Between each hack and slash sections, there are few timed jumping puzzles that will lead you to solve an element puzzle to get to the next area. These puzzles will have you thinking about what elements will help and where do I go. While this is the case there is only one solution to each puzzle you encounter and it’s just a matter of how long it will take to figure it out. While it does slow the pace of the game down a bit, it does seem like these sections are there to extended game time. This is also the case in the fighting sequences by way of just throwing more and more mini bosses at you to add “difficulty” and subsequent deaths.

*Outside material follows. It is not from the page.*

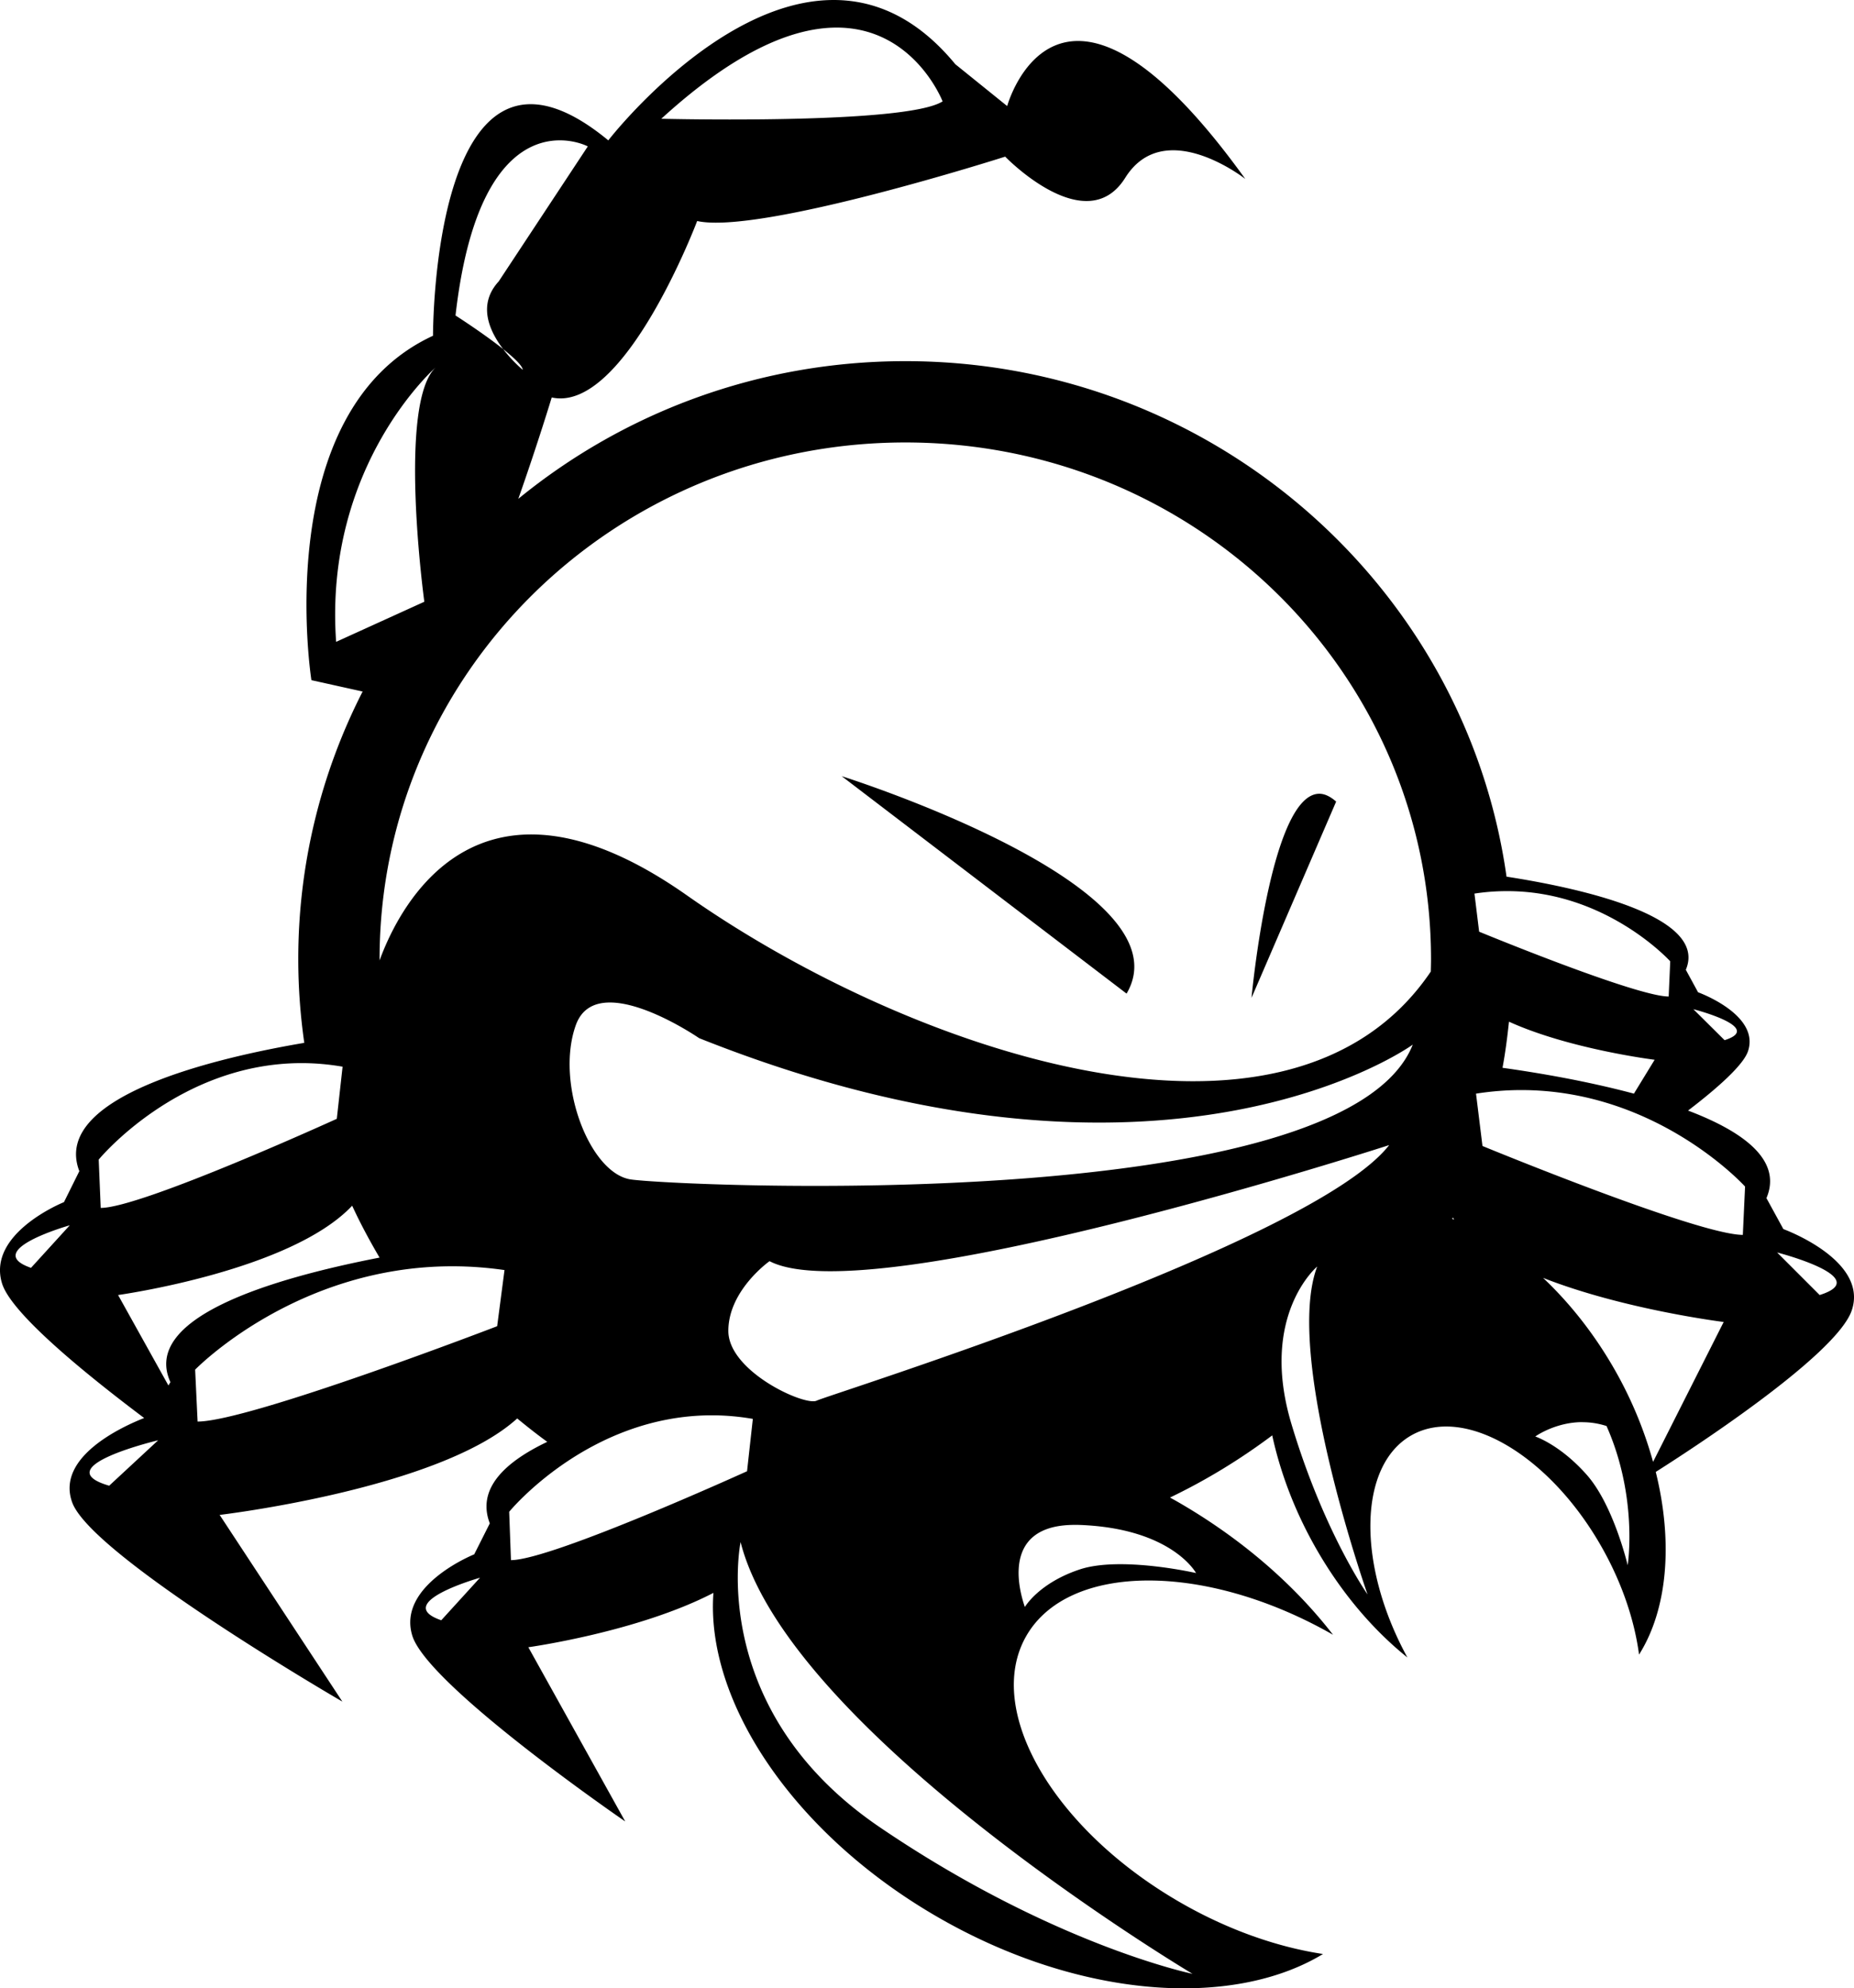 <svg xmlns="http://www.w3.org/2000/svg" width="370.174" height="396.89" style="display:inline"><path d="M165.923.005c-23.108.413-44.47 28.015-44.47 28.015-35.217-29.065-34.996 39-34.996 39-32.763 15.12-24.28 68.748-24.28 68.748l10.227 2.268a117.213 117.213 0 0 0-12.851 53.452c0 5.671.42 11.214 1.2 16.676-17.328 2.935-50.676 10.629-44.913 25.614l-3.068 6.181S-2.684 246.142.409 256.19c1.855 6.026 16.727 18.106 28.371 26.86-4.246 1.676-17.682 7.745-14.363 16.853 3.925 10.767 53.94 39.755 53.94 39.755l-24.502-37.265s43.943-5.177 59.41-19.255c1.958 1.609 3.945 3.183 6.004 4.67-8.513 4.048-14.12 9.393-11.473 16.275l-3.113 6.181s-15.455 6.183-12.362 16.232c3.093 10.048 42.512 37.087 42.512 37.087l-19.344-34.775s21.853-3.025 36.954-10.85c-1.586 21.617 15.907 48.095 44.914 64.79 28.102 16.176 58.654 18.288 76.797 7.294-9.018-1.363-18.91-4.776-28.46-10.273-25.466-14.658-39.244-38.51-30.772-53.23 8.443-14.669 35.839-14.733 61.234-.221-7.665-9.92-18.227-19.174-31.04-26.548-.505-.29-1.005-.564-1.512-.845 7.238-3.468 14.06-7.647 20.411-12.407 1.536 7.053 4.216 14.365 8.138 21.478 5.18 9.396 11.76 17.163 18.855 22.858-10.19-18.622-9.824-38.494.934-44.425 10.794-5.95 27.948 4.405 38.243 23.08 3.86 7.002 6.203 14.204 7.07 20.766 5.665-8.97 6.845-22.304 3.336-36.464 5.944-3.76 36.046-23.147 39.133-32.24 3.41-10.048-13.652-16.231-13.652-16.231l-3.38-6.181c3.218-7.586-4.648-13.303-15.653-17.477 5.945-4.543 11.03-9.08 11.962-11.828 2.48-7.315-9.961-11.785-9.961-11.785l-2.446-4.491c4.6-10.842-21.827-16.426-35.797-18.588-8.183-58.103-58.934-102.901-120.022-102.901-29.33 0-56.281 10.31-77.287 27.482 3.924-11.152 6.67-20.234 6.67-20.234 14.523 3.197 29.039-35.22 29.039-35.22 12.587 2.771 61.5-12.85 61.5-12.85s16.147 16.713 23.969 4.224c7.824-12.486 23.969.222 23.969.222-37.307-51.856-47.538-14.541-47.538-14.541l-10.36-8.36C182.862 3.26 174.28-.145 165.922.005zm.355 5.514c16.053-.503 21.923 14.72 21.923 14.719-7.365 4.71-56.164 3.469-56.164 3.469 14.64-13.37 25.833-17.925 34.241-18.188zM111.36 28.02c3.513-.11 6.003 1.2 6.003 1.2L99.575 56.17c-4.294 4.66-1.841 9.943.89 13.519 2.133 1.701 3.823 3.285 3.912 4.135 0 0-2.017-1.653-3.913-4.135-3.968-3.165-9.516-6.715-9.516-6.715 3.35-29.382 13.705-34.744 20.411-34.953zM87.124 73.2c-7.867 6.974-2.402 46.915-2.402 46.915l-17.61 8.005C64.612 92.753 87.125 73.2 87.125 73.2zm93.651 15.12c58.116 0 104.947 46.2 104.947 103.168 0 .823-.026 1.628-.044 2.446-28.524 42.17-104.436 15.777-148.526-15.209-41.84-29.404-57.506 2.42-61.367 12.985v-.222c0-56.967 46.875-103.168 104.99-103.168zm-12.718 66.614 56.876 43.402c12.677-21.513-56.876-43.402-56.876-43.402zm95.475 3.513c-9.86-.315-13.652 40.734-13.652 40.734l16.898-39.177c-1.152-1.008-2.226-1.524-3.246-1.557zm37.265 19.433c19.93-.08 32.684 14.008 32.684 14.008l-.31 7.026c-6.513 0-37.844-12.94-37.844-12.94l-.934-7.604a42.69 42.69 0 0 1 6.404-.49zm-179.299 22.235c7.497-.186 18.099 7.115 18.099 7.115 93.155 37.15 142.478 1.29 142.478 1.29-13.7 34.586-147.953 28.185-156.175 26.903-8.22-1.282-15.047-19.243-10.939-30.772 1.156-3.243 3.603-4.463 6.537-4.536zm216.608 1.334s14.29 3.652 6.226 6.181l-6.226-6.181zm-36.82 2.49c12.091 5.496 29.083 7.604 29.083 7.604l-4.136 6.76c-9.764-2.607-19.561-4.222-26.237-5.159.565-3.025.962-6.105 1.29-9.205zM60.442 212.21c2.57.012 5.207.24 7.96.712l-1.156 10.406s-39.023 17.787-47.137 17.787l-.4-9.65s15.9-19.364 40.733-19.255zm243.067 5.381c27.39-.11 44.914 19.255 44.914 19.255l-.445 9.65c-8.951 0-51.984-17.743-51.984-17.743l-1.29-10.45c3.037-.471 5.972-.7 8.805-.712zm-26.147 10.984c-15.318 19.707-111.928 49.847-114.286 51.006-2.357 1.159-17.654-5.804-17.654-13.919s8.227-13.919 8.227-13.919c20.03 10.433 123.713-23.168 123.713-23.168zM70.314 240.67c1.64 3.558 3.495 6.999 5.47 10.36-21.832 4.239-47.595 12.048-41.756 24.859l-.4.667-10.05-18.054s34.464-4.773 46.736-17.832zm219.766 2.356c.098.146.163.301.267.445-.137-.053-.264-.126-.4-.178.043-.089.088-.177.133-.267zm-276.152 1.557-7.738 8.493c-10.048-3.477 7.738-8.493 7.738-8.493zm340.898 5.425s19.576 5.016 8.494 8.494l-8.494-8.494zm-264.234 2.757c3.26.013 6.644.251 10.14.756l-1.468 11.206s-49.51 19.033-59.811 19.033l-.49-10.361s20.108-20.752 51.63-20.634zm172.406.044c-6.755 17.772 10.05 65.458 10.05 65.458s-8.735-12.424-15.208-34.063c-6.473-21.639 5.158-31.395 5.158-31.395zm45.092 2.268c16.138 6.338 36.064 8.805 36.064 8.805l-14.097 27.926a80.463 80.463 0 0 0-7.07-17.343c-4.193-7.605-9.333-14.146-14.897-19.388zm-165.736 27.437c2.569.012 5.207.24 7.96.712l-1.156 10.45s-39.023 17.743-47.137 17.743l-.356-9.65s15.856-19.364 40.689-19.255zm172.806 1.379c.369-.02.728-.01 1.112 0 1.417.026 2.916.253 4.491.756 6.35 14.305 4.225 27.793 4.225 27.793s-2.806-11.956-8.138-18.01c-5.332-6.054-10.317-7.693-10.317-7.693-.665.506 3.097-2.556 8.627-2.846zm-283.578 3.602-9.783 9.071c-12.754-3.728 9.783-9.071 9.783-9.071zm182.322 16.898a25.774 25.774 0 0 1 1.646 0c18.46.684 23.257 9.605 23.257 9.605s-15.053-3.446-23.257-.711c-8.204 2.735-10.94 7.515-10.94 7.515.663 1.325-7.007-15.95 9.294-16.409zm-66.036 3.424c9.718 38.197 90.228 86.18 90.228 86.18s-27.727-5.692-62.435-29.26c-34.707-23.568-27.793-56.92-27.793-56.92zm-52.029 7.115-7.737 8.494c-10.048-3.478 7.737-8.494 7.737-8.494z" style="color:#000;fill:#000;fill-opacity:1;stroke:none;stroke-width:7;marker:none;visibility:visible;display:inline;overflow:visible;enable-background:accumulate"/></svg>

Luckily I was playing on PC and there is a “Wide Mode” camera option which helps a bit when compared to the console version, but it moves to angles that don’t help gameplay. This is also terrible in combat because you will be hit from off screen by exploding projectiles and without a targeting system to lock onto enemies, you have to aim with just the left stick and rely on well timed dodges. This is before mentioning that each mini boss will have their own unskippable zoom cutscene. It’s funny or informative the first time and soul crushingly dreadful by the 100th. Mini in-game cutscenes will also show a new wave of enemies or a new special enemy every time you die or enter a zone without an option for you to skip. It also takes control of your character. Oh you were standing in a pool of fire when you killed the last enemy? Whoops! You’re now dead because we wanted to get a close up of the next 10 zombies you already knew were coming.


The game is also really buggy to the point where I couldn’t actually launch it without it crashing. Searching online gave me no fixes and it left me verifying the Steam game cache over and over until it finally loaded. I killed the next boss and it crashed again, not saving my progress. Another time it deleted my progress almost entirely save for my mission progress which meant I was fighting bosses with half the health, resistances and perks that I was accustomed to having in previous levels.


Don’t get me wrong, I still think the game has worth. It’s something you can kick back with while being engaged in some challenging combat and enjoying a B-grade movie type story. Yaiba had me chuckling at times and the gameplay can be unforgiving if you’re not careful. While I wouldn’t recommend it at full price, it’s definitely a game that I can have fun with when the time is right.